2.    Ultimately, a democratic nation’s decision about the balance between powers for the security agencies and respect for the autonomy and privacy of individuals can only be reached by parliaments. But above laws and codes of practice, informal discussions have an important role in informing parliamentary debate.

3.    For those adopting a career in the intelligence community there is the risk that they only seldom have the opportunity to question their actions and motives with potential critics and so get a view of how the public might view them. At the same time, the public do not tend to have a consistent view of the intelligence agencies. Periods of admiration can come to a sudden halt followed by a 180 degree turn in public opinion after a news story about intrusion of privacy or excessive use of powers has broken.

4.    Intelligence and security agencies need to ensure access to a wide range of views so that they can best serve the public. The people with whom they engage for this purpose are not ‘agents’ or ‘sources’ but those who it is hoped will help formulate policy and get perspective.

5.    Inevitably, briefed individuals in confidential circumstances (which might be quite informal) will on occasion get firm confirmation of what was previously only suspected. They will probably learn the identities of agency operatives and of covert locations and facilities. There is little point in publishing or disclosing secret information just for the sake of it. My own practice has been not to make this type of information public unless it had appeared unambiguously elsewhere. There may be circumstances when this rule has to be broken, but only in combination with a belief in overwhelming public interest and a conviction that many others will feel leaking the information was justified.

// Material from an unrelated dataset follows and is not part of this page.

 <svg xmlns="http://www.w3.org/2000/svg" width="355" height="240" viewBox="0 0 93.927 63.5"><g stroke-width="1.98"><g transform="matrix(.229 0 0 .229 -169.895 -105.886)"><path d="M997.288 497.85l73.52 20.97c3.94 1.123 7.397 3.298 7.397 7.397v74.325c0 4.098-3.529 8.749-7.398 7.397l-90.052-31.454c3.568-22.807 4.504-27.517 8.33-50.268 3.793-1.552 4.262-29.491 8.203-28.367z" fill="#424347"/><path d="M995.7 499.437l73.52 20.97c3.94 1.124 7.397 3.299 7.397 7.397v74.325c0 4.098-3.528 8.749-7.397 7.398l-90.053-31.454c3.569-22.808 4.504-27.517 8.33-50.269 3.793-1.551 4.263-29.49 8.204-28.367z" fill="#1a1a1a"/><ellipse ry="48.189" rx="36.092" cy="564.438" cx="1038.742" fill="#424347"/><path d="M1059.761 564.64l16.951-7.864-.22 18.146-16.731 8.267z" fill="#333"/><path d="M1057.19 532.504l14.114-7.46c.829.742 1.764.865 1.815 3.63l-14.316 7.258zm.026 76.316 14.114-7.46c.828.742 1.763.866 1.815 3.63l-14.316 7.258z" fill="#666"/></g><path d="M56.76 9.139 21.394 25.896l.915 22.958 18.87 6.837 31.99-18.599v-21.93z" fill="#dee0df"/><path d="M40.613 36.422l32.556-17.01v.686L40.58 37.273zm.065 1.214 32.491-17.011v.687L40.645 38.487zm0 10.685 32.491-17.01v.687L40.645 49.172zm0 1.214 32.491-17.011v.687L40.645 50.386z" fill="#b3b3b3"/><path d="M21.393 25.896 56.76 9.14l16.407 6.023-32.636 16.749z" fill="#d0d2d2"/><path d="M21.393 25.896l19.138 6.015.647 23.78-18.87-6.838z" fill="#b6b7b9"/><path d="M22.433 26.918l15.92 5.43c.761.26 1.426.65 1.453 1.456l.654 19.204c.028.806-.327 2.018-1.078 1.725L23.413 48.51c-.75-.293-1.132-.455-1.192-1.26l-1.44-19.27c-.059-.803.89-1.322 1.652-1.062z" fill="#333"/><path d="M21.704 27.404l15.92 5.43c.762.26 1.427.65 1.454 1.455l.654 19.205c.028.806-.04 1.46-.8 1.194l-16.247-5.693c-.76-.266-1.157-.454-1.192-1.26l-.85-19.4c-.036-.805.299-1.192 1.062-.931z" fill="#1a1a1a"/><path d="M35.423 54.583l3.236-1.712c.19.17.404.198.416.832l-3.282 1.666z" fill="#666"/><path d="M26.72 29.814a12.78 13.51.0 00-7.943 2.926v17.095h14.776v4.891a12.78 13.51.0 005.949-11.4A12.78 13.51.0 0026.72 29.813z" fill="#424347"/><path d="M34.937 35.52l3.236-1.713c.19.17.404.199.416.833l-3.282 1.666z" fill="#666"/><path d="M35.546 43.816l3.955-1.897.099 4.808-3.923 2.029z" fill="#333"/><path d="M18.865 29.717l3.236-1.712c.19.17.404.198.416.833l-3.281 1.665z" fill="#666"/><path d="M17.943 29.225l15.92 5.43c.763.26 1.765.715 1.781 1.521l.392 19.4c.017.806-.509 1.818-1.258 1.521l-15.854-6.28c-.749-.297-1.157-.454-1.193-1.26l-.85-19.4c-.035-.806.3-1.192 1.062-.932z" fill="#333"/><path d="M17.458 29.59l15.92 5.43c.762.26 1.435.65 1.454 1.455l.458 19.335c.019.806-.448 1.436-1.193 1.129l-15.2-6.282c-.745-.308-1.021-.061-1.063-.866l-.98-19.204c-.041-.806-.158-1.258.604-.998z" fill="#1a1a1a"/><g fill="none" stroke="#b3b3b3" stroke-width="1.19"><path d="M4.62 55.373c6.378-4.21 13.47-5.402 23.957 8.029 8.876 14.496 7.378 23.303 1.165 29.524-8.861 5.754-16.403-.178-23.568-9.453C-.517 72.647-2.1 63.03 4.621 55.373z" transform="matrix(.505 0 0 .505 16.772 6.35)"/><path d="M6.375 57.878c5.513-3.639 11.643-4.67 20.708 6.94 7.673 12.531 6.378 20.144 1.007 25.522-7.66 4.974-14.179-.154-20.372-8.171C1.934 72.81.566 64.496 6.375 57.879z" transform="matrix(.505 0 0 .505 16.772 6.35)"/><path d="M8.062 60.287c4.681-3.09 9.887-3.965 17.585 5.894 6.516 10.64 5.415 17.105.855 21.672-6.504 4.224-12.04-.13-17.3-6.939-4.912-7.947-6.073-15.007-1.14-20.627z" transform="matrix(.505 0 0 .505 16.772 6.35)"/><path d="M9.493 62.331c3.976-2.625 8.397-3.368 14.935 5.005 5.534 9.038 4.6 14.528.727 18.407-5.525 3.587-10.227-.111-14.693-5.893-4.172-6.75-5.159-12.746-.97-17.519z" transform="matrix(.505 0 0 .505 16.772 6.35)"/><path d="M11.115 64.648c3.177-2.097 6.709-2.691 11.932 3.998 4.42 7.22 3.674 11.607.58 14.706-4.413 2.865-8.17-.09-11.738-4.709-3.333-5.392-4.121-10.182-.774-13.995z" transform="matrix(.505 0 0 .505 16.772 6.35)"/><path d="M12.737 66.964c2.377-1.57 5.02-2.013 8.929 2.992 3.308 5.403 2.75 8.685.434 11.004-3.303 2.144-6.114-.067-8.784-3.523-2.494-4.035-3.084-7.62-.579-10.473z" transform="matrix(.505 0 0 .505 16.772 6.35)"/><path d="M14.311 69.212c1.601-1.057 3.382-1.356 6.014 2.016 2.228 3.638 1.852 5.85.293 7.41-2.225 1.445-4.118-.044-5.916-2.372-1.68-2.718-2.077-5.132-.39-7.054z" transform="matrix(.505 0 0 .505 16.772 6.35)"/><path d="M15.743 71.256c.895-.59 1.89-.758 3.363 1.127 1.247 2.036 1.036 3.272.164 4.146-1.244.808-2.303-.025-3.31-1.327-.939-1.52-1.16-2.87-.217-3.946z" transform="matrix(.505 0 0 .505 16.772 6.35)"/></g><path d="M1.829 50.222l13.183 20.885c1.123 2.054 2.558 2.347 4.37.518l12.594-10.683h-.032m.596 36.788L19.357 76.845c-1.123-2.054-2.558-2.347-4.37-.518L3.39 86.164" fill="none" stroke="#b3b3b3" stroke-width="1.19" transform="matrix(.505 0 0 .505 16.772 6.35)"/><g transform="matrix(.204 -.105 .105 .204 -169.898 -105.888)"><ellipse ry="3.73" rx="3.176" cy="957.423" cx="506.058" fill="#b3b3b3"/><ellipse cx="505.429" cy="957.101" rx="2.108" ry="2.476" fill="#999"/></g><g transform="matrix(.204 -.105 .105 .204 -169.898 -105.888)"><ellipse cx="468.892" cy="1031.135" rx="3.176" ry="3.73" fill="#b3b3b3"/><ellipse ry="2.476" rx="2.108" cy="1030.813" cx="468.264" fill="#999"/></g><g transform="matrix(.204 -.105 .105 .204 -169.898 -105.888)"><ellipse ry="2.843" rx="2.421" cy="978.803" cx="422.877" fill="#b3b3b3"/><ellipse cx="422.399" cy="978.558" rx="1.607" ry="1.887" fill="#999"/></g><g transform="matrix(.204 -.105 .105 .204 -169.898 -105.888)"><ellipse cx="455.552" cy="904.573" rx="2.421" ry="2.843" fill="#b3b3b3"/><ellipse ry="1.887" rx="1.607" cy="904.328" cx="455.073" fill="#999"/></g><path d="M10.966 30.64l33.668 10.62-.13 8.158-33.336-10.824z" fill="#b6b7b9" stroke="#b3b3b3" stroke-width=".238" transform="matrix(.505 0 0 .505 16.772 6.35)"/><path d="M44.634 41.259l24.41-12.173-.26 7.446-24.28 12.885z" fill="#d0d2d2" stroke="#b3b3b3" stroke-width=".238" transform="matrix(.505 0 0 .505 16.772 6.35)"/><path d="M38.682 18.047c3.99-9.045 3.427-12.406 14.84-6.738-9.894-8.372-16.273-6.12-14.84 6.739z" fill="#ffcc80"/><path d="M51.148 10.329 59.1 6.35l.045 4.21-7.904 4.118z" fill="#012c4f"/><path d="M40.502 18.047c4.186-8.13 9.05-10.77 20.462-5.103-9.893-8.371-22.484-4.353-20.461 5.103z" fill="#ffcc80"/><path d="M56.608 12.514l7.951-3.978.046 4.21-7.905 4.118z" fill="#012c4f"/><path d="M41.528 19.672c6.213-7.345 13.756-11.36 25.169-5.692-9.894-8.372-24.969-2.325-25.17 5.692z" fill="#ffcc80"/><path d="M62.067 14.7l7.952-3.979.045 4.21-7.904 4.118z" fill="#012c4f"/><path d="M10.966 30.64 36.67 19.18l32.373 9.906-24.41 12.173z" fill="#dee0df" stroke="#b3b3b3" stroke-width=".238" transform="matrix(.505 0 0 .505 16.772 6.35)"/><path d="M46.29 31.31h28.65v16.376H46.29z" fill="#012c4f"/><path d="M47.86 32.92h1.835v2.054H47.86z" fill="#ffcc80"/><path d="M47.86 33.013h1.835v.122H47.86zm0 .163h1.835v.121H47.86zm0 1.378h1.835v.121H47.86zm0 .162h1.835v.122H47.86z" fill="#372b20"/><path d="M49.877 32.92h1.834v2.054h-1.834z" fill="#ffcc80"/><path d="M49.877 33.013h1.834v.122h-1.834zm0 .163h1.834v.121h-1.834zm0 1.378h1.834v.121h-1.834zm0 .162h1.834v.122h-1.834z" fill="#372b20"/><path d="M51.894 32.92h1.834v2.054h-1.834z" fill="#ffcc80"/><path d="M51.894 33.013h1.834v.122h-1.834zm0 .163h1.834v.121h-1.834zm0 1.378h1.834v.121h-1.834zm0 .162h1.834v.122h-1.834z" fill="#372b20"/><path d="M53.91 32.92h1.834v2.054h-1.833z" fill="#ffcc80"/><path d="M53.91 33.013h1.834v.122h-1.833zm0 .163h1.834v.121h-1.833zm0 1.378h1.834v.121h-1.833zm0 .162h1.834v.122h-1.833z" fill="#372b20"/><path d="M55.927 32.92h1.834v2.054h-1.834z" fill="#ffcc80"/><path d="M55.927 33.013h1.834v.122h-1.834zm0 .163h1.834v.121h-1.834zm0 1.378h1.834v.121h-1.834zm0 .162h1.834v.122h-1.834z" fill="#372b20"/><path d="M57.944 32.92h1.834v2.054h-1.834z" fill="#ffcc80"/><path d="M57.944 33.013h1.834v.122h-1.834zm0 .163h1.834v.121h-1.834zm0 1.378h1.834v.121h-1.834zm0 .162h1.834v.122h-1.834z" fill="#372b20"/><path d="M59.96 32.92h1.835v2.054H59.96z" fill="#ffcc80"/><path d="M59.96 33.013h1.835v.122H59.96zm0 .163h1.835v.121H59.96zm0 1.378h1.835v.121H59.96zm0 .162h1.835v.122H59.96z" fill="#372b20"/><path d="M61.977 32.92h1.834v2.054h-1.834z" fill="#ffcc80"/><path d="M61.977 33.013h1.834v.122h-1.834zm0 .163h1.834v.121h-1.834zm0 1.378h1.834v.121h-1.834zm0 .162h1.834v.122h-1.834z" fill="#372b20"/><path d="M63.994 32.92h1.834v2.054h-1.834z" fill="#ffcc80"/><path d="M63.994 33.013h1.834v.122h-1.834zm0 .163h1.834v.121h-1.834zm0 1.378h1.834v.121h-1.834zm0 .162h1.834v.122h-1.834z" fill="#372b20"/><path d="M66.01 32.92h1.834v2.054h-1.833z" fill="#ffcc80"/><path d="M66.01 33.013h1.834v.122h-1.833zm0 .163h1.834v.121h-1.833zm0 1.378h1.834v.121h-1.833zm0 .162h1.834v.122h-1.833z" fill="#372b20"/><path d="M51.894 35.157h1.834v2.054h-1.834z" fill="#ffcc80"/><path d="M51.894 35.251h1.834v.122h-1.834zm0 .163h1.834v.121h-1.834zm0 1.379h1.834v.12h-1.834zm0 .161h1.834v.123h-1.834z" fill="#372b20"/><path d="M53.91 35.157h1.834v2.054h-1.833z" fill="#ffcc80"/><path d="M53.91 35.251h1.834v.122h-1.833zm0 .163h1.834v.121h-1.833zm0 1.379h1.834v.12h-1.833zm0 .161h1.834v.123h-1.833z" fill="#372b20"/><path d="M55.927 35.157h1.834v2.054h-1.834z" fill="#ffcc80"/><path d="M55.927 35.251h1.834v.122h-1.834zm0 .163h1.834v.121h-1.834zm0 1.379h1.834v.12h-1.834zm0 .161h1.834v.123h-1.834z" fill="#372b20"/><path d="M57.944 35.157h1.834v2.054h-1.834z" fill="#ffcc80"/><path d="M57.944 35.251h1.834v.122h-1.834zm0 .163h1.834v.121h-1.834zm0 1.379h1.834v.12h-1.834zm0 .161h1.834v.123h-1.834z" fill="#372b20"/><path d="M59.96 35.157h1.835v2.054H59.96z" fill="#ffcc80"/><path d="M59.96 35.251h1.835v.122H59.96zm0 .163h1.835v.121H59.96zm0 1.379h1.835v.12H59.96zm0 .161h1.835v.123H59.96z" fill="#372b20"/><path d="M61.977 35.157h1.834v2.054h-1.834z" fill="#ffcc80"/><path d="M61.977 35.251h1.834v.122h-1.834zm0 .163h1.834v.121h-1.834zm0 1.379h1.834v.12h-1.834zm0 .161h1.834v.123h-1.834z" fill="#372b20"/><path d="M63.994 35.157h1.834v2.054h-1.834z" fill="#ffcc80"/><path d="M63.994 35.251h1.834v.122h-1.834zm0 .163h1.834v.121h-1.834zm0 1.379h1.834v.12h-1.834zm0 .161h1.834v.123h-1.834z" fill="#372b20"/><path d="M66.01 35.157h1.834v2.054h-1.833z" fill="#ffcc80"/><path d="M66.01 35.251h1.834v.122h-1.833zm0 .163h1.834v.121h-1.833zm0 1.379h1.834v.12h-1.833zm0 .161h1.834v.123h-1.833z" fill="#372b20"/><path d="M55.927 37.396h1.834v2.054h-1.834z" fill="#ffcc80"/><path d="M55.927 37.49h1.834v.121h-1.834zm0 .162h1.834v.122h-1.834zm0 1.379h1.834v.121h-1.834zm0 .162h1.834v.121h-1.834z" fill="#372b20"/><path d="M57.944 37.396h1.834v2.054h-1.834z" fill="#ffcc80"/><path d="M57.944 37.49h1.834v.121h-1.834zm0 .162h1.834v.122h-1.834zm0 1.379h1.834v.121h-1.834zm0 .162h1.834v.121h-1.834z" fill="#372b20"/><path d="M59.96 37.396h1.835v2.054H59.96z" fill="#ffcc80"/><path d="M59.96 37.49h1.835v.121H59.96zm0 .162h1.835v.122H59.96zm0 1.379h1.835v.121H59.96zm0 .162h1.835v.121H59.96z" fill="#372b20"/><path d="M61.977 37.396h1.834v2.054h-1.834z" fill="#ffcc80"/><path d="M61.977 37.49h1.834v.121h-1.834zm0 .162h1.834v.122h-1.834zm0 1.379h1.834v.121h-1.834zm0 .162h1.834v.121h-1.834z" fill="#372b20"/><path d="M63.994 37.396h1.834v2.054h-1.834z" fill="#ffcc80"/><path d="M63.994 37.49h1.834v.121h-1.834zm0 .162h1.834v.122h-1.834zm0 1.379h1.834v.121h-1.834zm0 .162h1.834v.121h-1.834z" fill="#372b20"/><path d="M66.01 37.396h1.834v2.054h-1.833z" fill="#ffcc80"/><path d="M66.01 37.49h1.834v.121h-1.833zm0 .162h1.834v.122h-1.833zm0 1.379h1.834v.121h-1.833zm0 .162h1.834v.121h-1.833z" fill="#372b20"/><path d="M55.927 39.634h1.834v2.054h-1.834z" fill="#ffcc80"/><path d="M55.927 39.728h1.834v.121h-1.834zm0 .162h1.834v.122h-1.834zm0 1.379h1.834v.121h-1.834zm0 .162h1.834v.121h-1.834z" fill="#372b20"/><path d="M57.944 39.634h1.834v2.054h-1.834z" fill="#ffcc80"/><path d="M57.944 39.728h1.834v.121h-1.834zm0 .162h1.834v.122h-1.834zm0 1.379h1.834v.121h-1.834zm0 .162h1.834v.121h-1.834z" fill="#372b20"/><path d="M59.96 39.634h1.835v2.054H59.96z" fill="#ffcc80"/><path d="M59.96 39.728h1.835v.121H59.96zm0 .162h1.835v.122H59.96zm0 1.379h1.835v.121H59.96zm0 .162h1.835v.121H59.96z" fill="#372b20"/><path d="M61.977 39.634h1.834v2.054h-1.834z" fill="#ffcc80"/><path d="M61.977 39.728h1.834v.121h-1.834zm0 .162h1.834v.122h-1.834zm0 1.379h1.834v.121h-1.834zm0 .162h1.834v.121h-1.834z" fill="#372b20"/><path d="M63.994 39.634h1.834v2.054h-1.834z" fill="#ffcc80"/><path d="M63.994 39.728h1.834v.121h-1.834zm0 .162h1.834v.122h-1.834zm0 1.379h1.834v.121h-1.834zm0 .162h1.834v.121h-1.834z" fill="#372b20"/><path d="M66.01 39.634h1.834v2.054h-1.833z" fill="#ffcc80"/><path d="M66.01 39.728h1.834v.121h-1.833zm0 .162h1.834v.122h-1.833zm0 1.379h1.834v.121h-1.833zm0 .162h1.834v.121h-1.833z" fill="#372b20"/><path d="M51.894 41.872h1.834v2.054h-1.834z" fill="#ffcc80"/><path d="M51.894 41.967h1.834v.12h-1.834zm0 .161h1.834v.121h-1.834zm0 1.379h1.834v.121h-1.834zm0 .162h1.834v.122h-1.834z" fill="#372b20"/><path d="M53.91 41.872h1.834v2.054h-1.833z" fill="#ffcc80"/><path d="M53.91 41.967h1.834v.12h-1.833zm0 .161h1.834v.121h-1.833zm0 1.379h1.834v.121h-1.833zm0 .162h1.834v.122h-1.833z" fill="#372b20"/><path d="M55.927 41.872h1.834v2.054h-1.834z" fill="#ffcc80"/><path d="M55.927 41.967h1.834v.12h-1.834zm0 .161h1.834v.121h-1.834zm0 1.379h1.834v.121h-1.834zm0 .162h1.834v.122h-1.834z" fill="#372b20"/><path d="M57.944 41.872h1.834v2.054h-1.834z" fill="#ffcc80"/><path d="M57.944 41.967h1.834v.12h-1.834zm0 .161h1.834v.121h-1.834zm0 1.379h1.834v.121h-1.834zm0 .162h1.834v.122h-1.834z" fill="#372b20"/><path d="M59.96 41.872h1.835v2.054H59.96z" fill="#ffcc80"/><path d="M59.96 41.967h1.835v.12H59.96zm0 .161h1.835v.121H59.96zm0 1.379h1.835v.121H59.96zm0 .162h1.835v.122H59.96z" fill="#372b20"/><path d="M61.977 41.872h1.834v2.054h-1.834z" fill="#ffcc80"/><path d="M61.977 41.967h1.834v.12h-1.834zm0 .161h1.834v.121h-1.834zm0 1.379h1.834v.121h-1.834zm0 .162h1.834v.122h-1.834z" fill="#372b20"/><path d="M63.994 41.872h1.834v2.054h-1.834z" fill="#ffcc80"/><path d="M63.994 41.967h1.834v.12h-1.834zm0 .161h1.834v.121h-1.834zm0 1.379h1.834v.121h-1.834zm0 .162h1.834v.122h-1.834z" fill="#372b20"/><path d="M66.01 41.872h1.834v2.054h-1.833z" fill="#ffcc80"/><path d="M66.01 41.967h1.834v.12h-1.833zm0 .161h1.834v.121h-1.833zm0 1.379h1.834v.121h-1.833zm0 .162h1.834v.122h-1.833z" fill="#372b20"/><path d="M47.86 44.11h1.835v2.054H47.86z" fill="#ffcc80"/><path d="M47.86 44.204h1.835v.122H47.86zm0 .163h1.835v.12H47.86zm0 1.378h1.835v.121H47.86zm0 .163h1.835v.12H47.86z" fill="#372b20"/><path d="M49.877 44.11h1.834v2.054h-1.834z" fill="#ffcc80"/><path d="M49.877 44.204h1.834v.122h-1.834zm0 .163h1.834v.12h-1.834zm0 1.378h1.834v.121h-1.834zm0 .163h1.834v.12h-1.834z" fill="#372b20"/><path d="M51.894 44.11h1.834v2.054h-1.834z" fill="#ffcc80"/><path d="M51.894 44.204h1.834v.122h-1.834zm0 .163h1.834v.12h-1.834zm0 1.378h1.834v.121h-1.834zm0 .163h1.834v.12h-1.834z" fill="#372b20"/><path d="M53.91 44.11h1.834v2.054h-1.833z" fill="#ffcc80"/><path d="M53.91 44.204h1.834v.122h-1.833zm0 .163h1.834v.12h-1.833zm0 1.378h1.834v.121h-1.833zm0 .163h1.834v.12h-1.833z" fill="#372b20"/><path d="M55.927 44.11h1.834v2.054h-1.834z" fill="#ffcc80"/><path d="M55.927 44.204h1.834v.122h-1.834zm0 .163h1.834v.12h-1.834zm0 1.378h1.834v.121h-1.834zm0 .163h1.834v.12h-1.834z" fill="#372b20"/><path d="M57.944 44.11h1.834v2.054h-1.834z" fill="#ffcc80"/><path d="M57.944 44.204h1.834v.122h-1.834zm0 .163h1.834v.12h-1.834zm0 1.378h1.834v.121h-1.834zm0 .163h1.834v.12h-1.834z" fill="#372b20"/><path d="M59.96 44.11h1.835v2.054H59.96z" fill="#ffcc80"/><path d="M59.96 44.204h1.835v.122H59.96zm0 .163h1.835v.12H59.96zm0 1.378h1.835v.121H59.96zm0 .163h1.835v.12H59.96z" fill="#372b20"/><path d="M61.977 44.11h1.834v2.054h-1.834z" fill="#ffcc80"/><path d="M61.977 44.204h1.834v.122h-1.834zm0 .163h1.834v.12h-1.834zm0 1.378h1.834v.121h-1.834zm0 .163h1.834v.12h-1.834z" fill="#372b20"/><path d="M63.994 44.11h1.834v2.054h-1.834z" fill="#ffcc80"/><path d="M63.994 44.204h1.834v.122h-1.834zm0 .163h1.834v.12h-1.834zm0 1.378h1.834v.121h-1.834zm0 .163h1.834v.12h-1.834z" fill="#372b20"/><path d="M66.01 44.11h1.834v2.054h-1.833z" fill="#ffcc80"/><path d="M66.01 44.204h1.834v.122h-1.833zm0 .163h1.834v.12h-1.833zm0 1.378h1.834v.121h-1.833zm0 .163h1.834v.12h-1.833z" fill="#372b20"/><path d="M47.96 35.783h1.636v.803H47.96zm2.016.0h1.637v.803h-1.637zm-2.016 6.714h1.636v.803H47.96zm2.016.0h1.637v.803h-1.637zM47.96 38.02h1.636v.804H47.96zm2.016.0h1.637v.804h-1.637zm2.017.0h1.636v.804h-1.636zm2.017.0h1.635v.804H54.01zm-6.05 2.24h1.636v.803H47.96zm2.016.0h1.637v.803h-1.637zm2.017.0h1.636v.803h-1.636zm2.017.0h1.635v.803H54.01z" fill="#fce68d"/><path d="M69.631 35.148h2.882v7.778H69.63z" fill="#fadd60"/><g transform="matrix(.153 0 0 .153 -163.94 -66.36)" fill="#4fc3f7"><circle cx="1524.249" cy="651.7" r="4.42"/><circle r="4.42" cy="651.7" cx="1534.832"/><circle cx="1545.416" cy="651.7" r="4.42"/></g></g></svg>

6.    There is no clear career path for individuals who get drawn into the role of semi-intermediary. Those who do so should be candid with themselves about their motivations becoming involved. It is all too easy to become ‘captured’ and to develop an unwarranted sense of self-importance.

7.    Journalists are already familiar with the “off the record/on background/not for direct attribution” basis for reporting. It requires the trust of the source but also of the journalist’s readers and viewers. This trust implies that the source will not be betrayed, that the briefing will be honest as far as it goes, and that the journalist’s report will reflect what they believe to be the public interest. People like me hope to operate on a somewhat similar basis. Similar to journalists, intermediaries like myself receive input from academia & civil society and regard it as our duty to honour and protect these ‘sources’. At the same time, we are beholden to executive interests not to divulge classified information we were provided with for our role.

8.  Mutual trust is key in balancing these dynamics while at the same time always pursuing what we believe to be the public interest. Journalists, too, when they receive leaks of confidential information, need a well-developed sense of “public interest” as opposed to “great journalistic coup” — Edward Snowden hoped that this would be the case when he interacted with selected journalists.

9. Alas, I have no easy formula for defining the scope of “public interest” save to say that one important test is to ask, as you apply it to your own circumstances, whether you would be prepared, if challenged, to justify your decisions in public.